Exercise data Start Marker

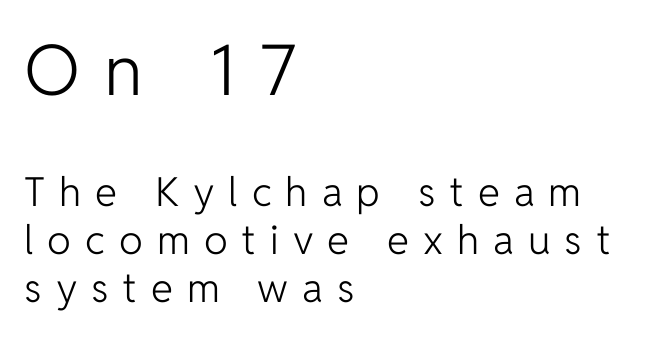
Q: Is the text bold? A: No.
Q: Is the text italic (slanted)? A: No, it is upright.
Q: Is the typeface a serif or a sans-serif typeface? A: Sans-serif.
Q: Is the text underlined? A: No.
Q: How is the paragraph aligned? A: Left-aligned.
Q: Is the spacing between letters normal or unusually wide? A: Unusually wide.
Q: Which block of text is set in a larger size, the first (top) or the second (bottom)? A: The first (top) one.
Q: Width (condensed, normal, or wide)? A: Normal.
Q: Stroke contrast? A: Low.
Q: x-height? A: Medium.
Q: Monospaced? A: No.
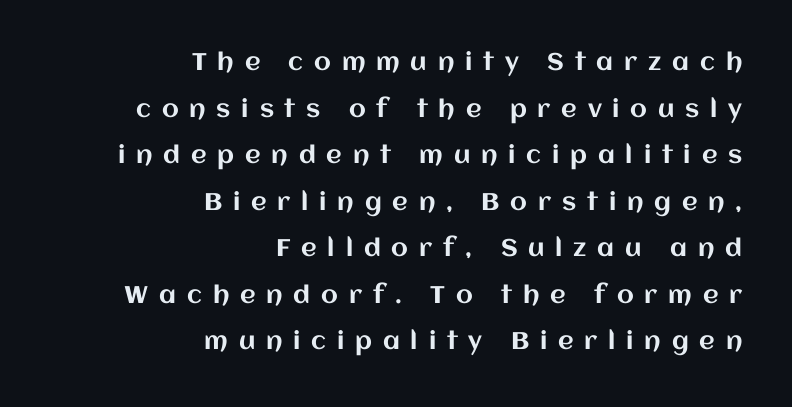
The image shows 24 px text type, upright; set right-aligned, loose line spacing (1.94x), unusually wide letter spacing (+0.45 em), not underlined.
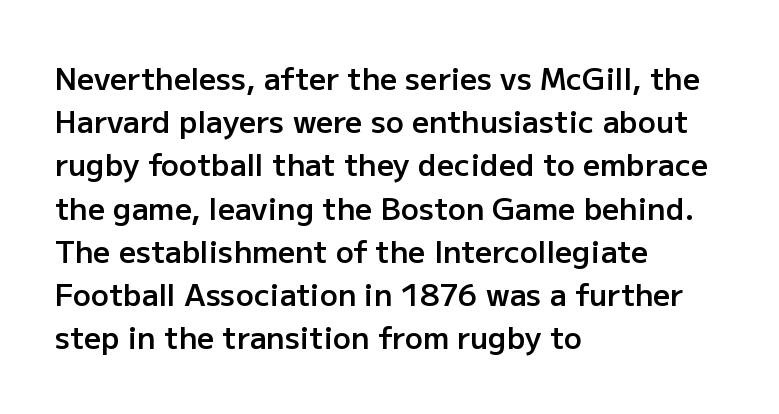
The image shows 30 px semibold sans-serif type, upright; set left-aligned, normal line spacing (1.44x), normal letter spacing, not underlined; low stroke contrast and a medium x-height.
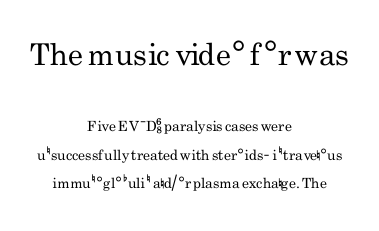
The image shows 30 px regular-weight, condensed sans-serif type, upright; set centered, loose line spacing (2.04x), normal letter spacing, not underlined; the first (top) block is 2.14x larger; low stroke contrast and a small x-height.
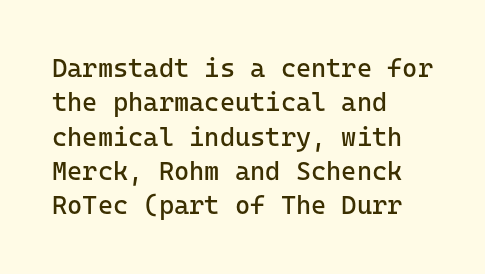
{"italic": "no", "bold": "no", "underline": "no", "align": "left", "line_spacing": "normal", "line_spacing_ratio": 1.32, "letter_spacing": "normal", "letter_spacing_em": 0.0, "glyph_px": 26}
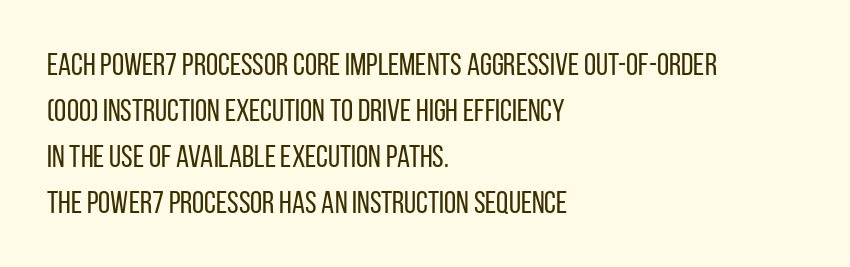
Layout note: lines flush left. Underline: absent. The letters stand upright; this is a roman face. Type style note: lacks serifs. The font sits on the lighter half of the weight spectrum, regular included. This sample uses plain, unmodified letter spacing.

Exercise data End Marker
Exercise data Start Marker

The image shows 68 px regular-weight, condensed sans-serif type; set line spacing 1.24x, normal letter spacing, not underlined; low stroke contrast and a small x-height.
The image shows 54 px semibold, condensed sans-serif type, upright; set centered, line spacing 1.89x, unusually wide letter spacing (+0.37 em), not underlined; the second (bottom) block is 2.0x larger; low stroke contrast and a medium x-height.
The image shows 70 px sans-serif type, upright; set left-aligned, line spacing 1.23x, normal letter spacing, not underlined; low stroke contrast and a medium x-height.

Exercise data End Marker

What needs to be done:
Above, find the line with "Q: Is the text underlined? A: No."; copy it and every line down to the line with "The image shows 24", exactly and both included, but no pictures.

Exercise result:
Q: Is the text underlined? A: No.
Q: How is the paragraph aligned? A: Left-aligned.
Q: Is the spacing between letters normal or unusually wide? A: Unusually wide.
Q: Which block of text is set in a larger size, the first (top) or the second (bottom)? A: The first (top) one.
Q: Width (condensed, normal, or wide)? A: Normal.
Q: Stroke contrast? A: Low.
Q: x-height? A: Medium.
Q: Monospaced? A: No.
The image shows 24 px text type, upright; set right-aligned, loose line spacing (1.94x), unusually wide letter spacing (+0.45 em), not underlined.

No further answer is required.